Joint Venture Agreements in India: Structuring Successful Partnerships
A Joint Venture (JV) Agreement governs the collaboration between two or more parties for a specific business purpose, combining complementary strengths—capital, technology, market access, or expertise. India’s economic growth has attracted numerous JVs: Maruti-Suzuki, Tata-Starbucks, and Mahindra-Ford are landmark examples of how JVs can create value in the Indian market.
JVs can be structured as equity JVs (creating a new company), LLPs, or contractual arrangements. The choice depends on liability preferences, tax efficiency, regulatory requirements (especially FDI norms), and exit flexibility.
JV Structures Available Under Indian Law
Equity JV (Private Limited Company)
Most common for significant investments. Creates a separate legal entity with limited liability. Governed by Companies Act 2013 and SHA. Suitable when FDI is involved (many sectors require Indian company structure). Tax rate: 25% for companies with turnover up to ₹400 crores.
LLP Joint Venture
Flexible structure with lower compliance. Taxed at 30% flat rate. Limited liability for partners. No mandatory audit if turnover below ₹40 lakhs and contribution below ₹25 lakhs. Note: 100% FDI allowed in LLPs only in sectors with automatic route and no FDI conditions.
Deadlock Resolution Mechanisms
Deadlocks are the biggest risk in JVs, especially 50:50 structures. Indian courts cannot easily resolve commercial disagreements, so the agreement must provide clear mechanisms:
Escalation
Refer to senior management/CEOs of parent companies
Mediation
Neutral mediator facilitates resolution
Shotgun / Russian Roulette
One party names a price; other must buy or sell at that price
Winding Up
Last resort—dissolve the JV and distribute assets
Key Takeaways
- ✓ Avoid 50:50 JVs if possible—include robust deadlock resolution if unavoidable
- ✓ Address FDI compliance upfront for JVs involving foreign partners
- ✓ Define non-compete scope carefully to protect JV without restraining parents
- ✓ Include put/call options for exit after a defined period (typically 5–7 years)

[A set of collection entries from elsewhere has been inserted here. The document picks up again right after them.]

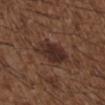This lesion was catalogued during total-body skin photography and was not selected for biopsy.
A male subject, aged 48–52.
On the back.
An algorithmic analysis of the crop reported an area of roughly 12 mm² and a shape-asymmetry score of about 0.25 (0 = symmetric). It also reported about 9 CIELAB-L* units darker than the surrounding skin. The software also gave a border-irregularity index near 3/10, a color-variation rating of about 4/10, and peripheral color asymmetry of about 1. And it measured a classifier nevus-likeness of about 70/100.
This is a white-light tile.
A 15 mm close-up extracted from a 3D total-body photography capture.
Measured at roughly 4.5 mm in maximum diameter.
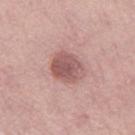Captured during whole-body skin photography for melanoma surveillance; the lesion was not biopsied. The lesion is located on the left thigh. Imaged with white-light lighting. The subject is a female aged 63–67. A 15 mm close-up tile from a total-body photography series done for melanoma screening.
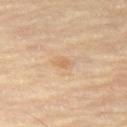Q: Was this lesion biopsied?
A: imaged on a skin check; not biopsied
Q: What is the imaging modality?
A: 15 mm crop, total-body photography
Q: Who is the patient?
A: female, about 75 years old
Q: Lesion location?
A: the leg
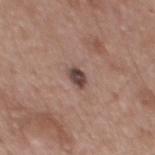Impression:
The lesion was photographed on a routine skin check and not biopsied; there is no pathology result.
Image and clinical context:
Automated image analysis of the tile measured a mean CIELAB color near L≈44 a*≈17 b*≈20, roughly 14 lightness units darker than nearby skin, and a normalized lesion–skin contrast near 11. And it measured a border-irregularity rating of about 1.5/10, internal color variation of about 3 on a 0–10 scale, and radial color variation of about 1. A region of skin cropped from a whole-body photographic capture, roughly 15 mm wide. About 2.5 mm across. Located on the mid back. A male subject, approximately 55 years of age. This is a white-light tile.
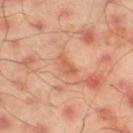Part of a total-body skin-imaging series; this lesion was reviewed on a skin check and was not flagged for biopsy. A male subject, aged 43 to 47. About 3 mm across. The total-body-photography lesion software estimated a footprint of about 3.5 mm² and two-axis asymmetry of about 0.35. And it measured a border-irregularity rating of about 3.5/10, a within-lesion color-variation index near 2/10, and radial color variation of about 0.5. And it measured a lesion-detection confidence of about 100/100. A 15 mm close-up extracted from a 3D total-body photography capture. The lesion is located on the left thigh.
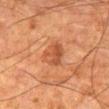biopsy_status: not biopsied; imaged during a skin examination
image:
  source: total-body photography crop
  field_of_view_mm: 15
site: right thigh
patient:
  sex: male
  age_approx: 80
automated_metrics:
  border_irregularity_0_10: 2.5
  color_variation_0_10: 4.0
  peripheral_color_asymmetry: 1.5
lesion_size:
  long_diameter_mm_approx: 3.5
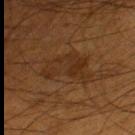workup: catalogued during a skin exam; not biopsied | subject: male, about 60 years old | acquisition: ~15 mm crop, total-body skin-cancer survey | site: the left thigh.
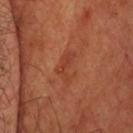notes = imaged on a skin check; not biopsied | acquisition = ~15 mm tile from a whole-body skin photo | illumination = cross-polarized illumination | site = the head or neck | patient = male, aged 63–67 | diameter = ~4 mm (longest diameter).
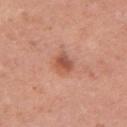<case>
  <biopsy_status>not biopsied; imaged during a skin examination</biopsy_status>
  <lighting>white-light</lighting>
  <automated_metrics>
    <border_irregularity_0_10>2.0</border_irregularity_0_10>
    <peripheral_color_asymmetry>2.0</peripheral_color_asymmetry>
    <nevus_likeness_0_100>80</nevus_likeness_0_100>
    <lesion_detection_confidence_0_100>100</lesion_detection_confidence_0_100>
  </automated_metrics>
  <patient>
    <sex>female</sex>
    <age_approx>35</age_approx>
  </patient>
  <lesion_size>
    <long_diameter_mm_approx>2.5</long_diameter_mm_approx>
  </lesion_size>
  <image>
    <source>total-body photography crop</source>
    <field_of_view_mm>15</field_of_view_mm>
  </image>
  <site>left upper arm</site>
</case>
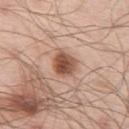Recorded during total-body skin imaging; not selected for excision or biopsy. Approximately 3.5 mm at its widest. A 15 mm close-up extracted from a 3D total-body photography capture. From the left thigh. Captured under white-light illumination. A male patient approximately 55 years of age.
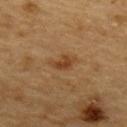* notes — total-body-photography surveillance lesion; no biopsy
* body site — the upper back
* subject — male, aged 83 or older
* tile lighting — cross-polarized
* image source — ~15 mm tile from a whole-body skin photo
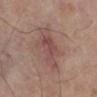Clinical impression:
This lesion was catalogued during total-body skin photography and was not selected for biopsy.
Background:
This image is a 15 mm lesion crop taken from a total-body photograph. The lesion is located on the right lower leg. The patient is a male aged 68–72. The recorded lesion diameter is about 5.5 mm.
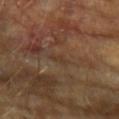follow-up: imaged on a skin check; not biopsied
lesion diameter: about 2.5 mm
illumination: cross-polarized illumination
subject: male, approximately 70 years of age
image source: total-body-photography crop, ~15 mm field of view
automated lesion analysis: an area of roughly 2.5 mm², a shape eccentricity near 0.85, and two-axis asymmetry of about 0.25
body site: the arm
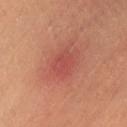Clinical summary:
A region of skin cropped from a whole-body photographic capture, roughly 15 mm wide. A female patient, aged 28–32. The lesion is on the leg.

- ✓ File FC-GPR within 30 days if foreign investment is involved
Frequently Asked Questions
Is a JV different from a subsidiary?
Yes. A subsidiary has a single controlling parent (over 50% ownership). A JV is co-owned by two or more independent parties, each contributing resources and sharing control, risks, and profits.
What happens if a JV partner wants to exit?
Exit mechanisms defined in the JV agreement apply—typically put/call options, ROFR, tag-along/drag-along rights, or strategic sale. Valuation is usually by independent valuer at fair market value.